Task prompt
All of the records below are to be output exactly; no image belongs in the result.

Provided entries
Segment Open

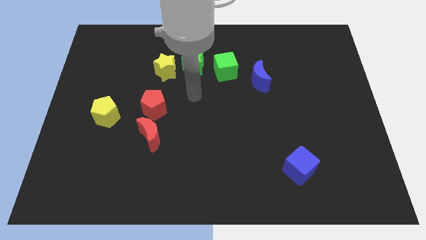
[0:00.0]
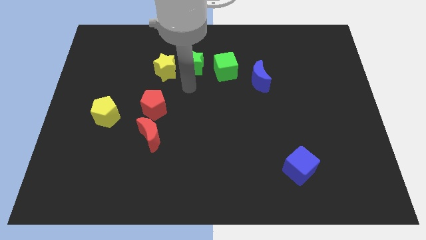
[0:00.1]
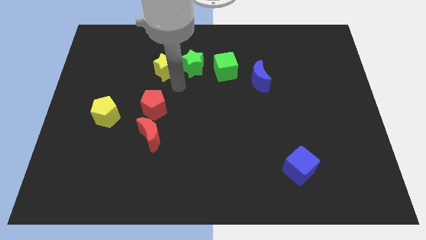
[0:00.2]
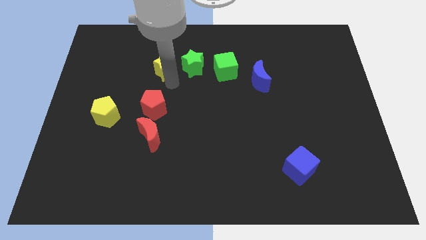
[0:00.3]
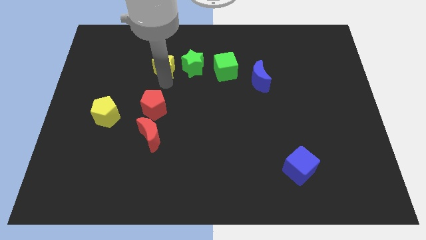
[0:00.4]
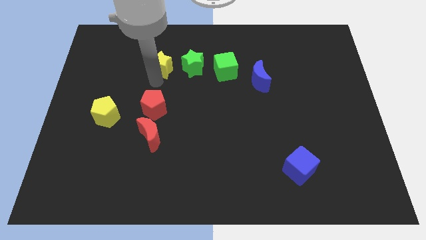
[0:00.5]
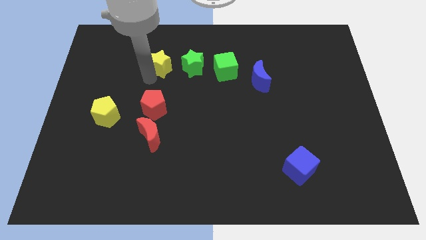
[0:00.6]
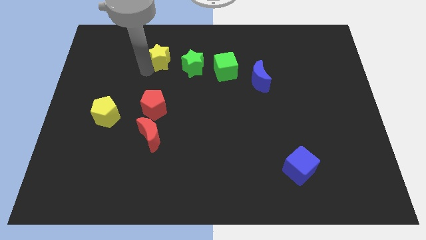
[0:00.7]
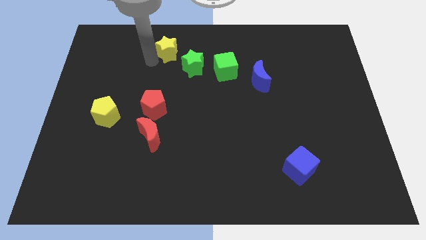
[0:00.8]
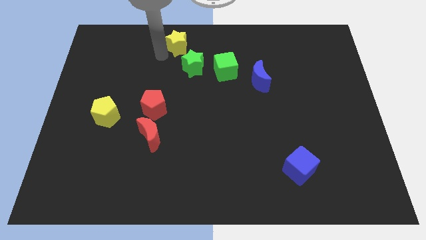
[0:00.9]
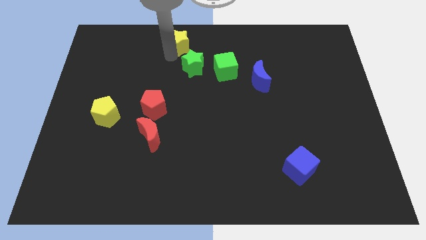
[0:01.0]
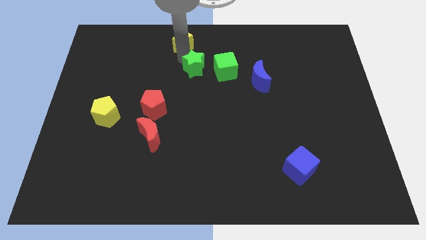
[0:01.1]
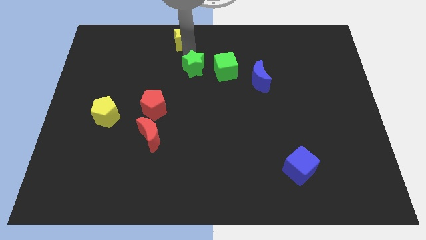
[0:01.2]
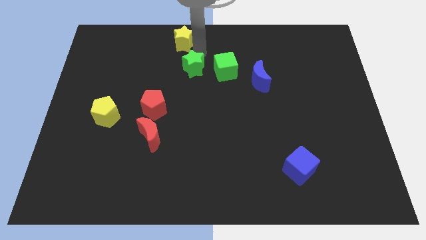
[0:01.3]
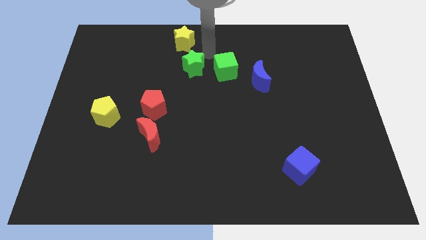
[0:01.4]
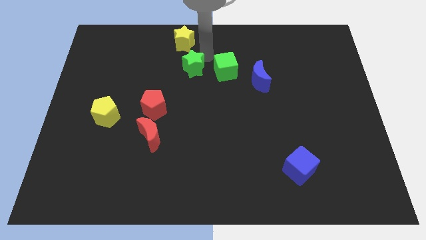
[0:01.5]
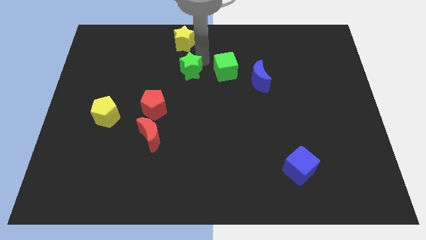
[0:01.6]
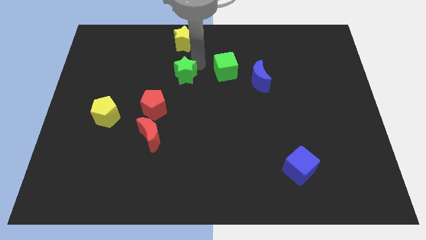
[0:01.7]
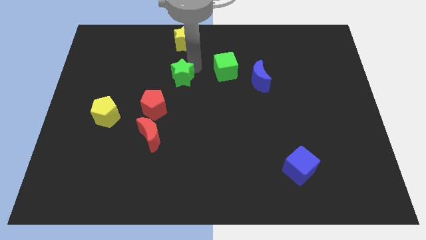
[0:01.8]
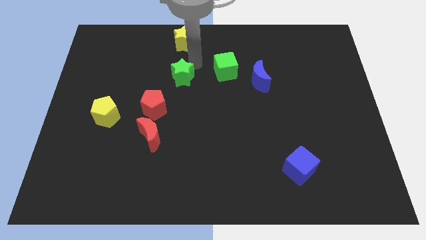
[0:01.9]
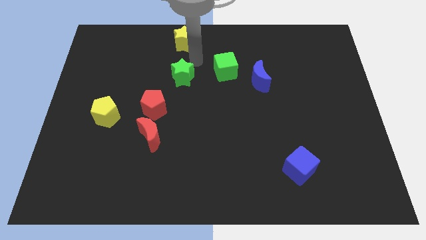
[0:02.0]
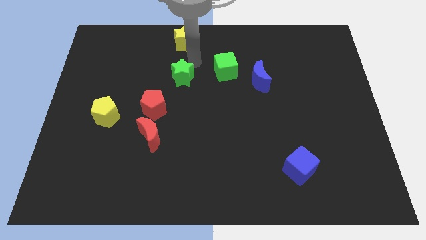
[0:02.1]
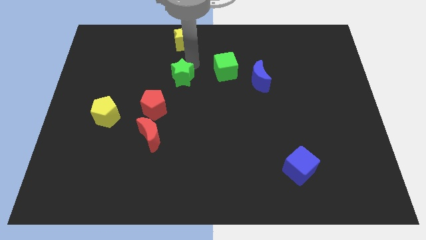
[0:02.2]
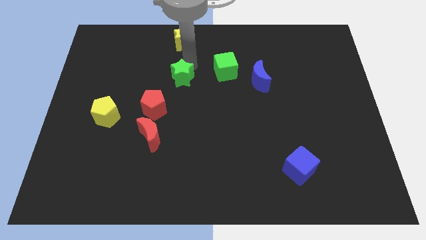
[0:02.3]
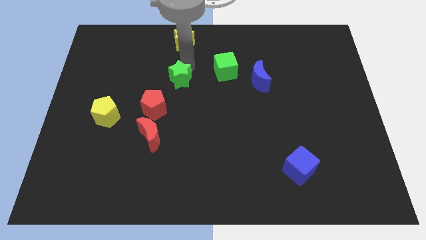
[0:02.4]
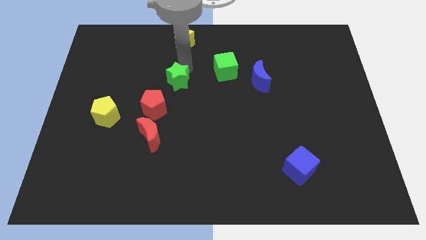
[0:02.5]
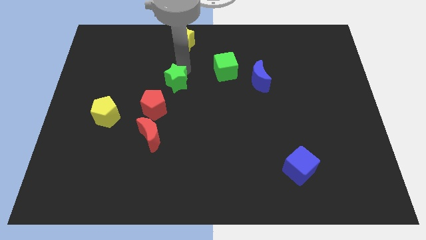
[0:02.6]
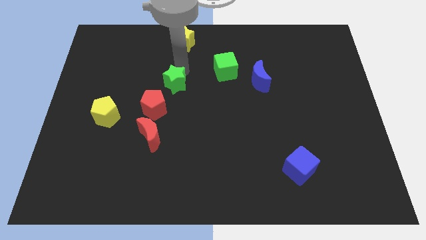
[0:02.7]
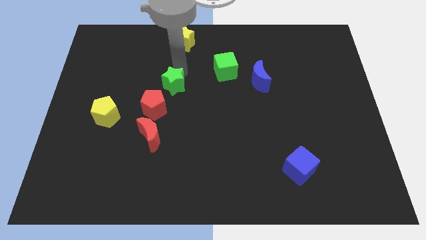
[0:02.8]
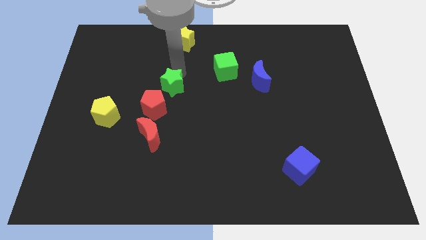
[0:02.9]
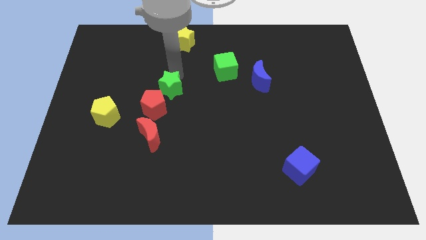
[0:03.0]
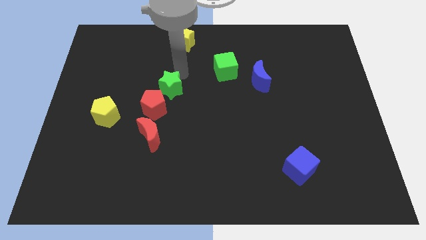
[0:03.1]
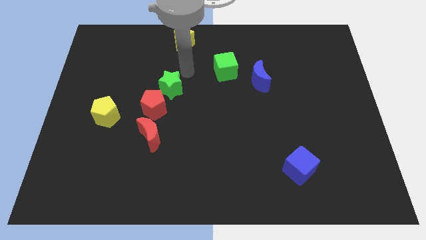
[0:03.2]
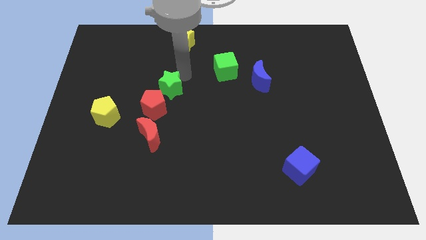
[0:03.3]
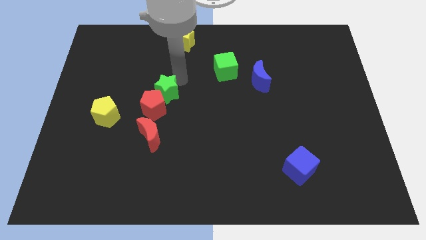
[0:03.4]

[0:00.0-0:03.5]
move the green star next to the red pentagon
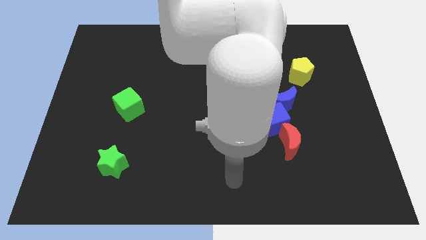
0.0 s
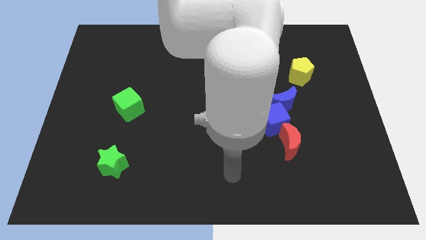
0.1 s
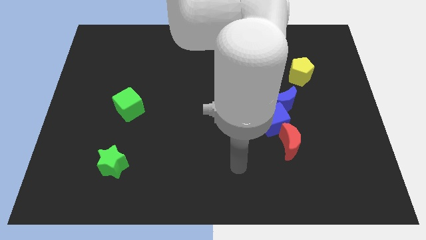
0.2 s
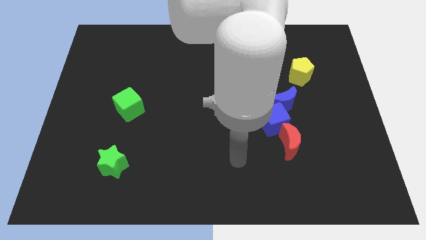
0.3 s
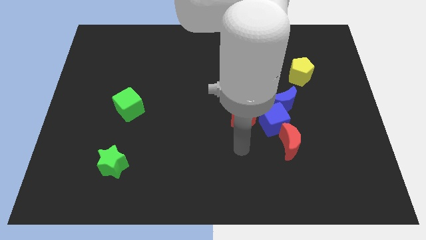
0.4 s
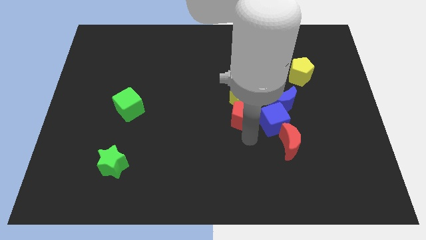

Segment Closed

Result
[0:00.0]
[0:00.1]
[0:00.2]
[0:00.3]
[0:00.4]
[0:00.5]
[0:00.6]
[0:00.7]
[0:00.8]
[0:00.9]
[0:01.0]
[0:01.1]
[0:01.2]
[0:01.3]
[0:01.4]
[0:01.5]
[0:01.6]
[0:01.7]
[0:01.8]
[0:01.9]
[0:02.0]
[0:02.1]
[0:02.2]
[0:02.3]
[0:02.4]
[0:02.5]
[0:02.6]
[0:02.7]
[0:02.8]
[0:02.9]
[0:03.0]
[0:03.1]
[0:03.2]
[0:03.3]
[0:03.4]

[0:00.0-0:03.5]
move the green star next to the red pentagon
0.0 s
0.1 s
0.2 s
0.3 s
0.4 s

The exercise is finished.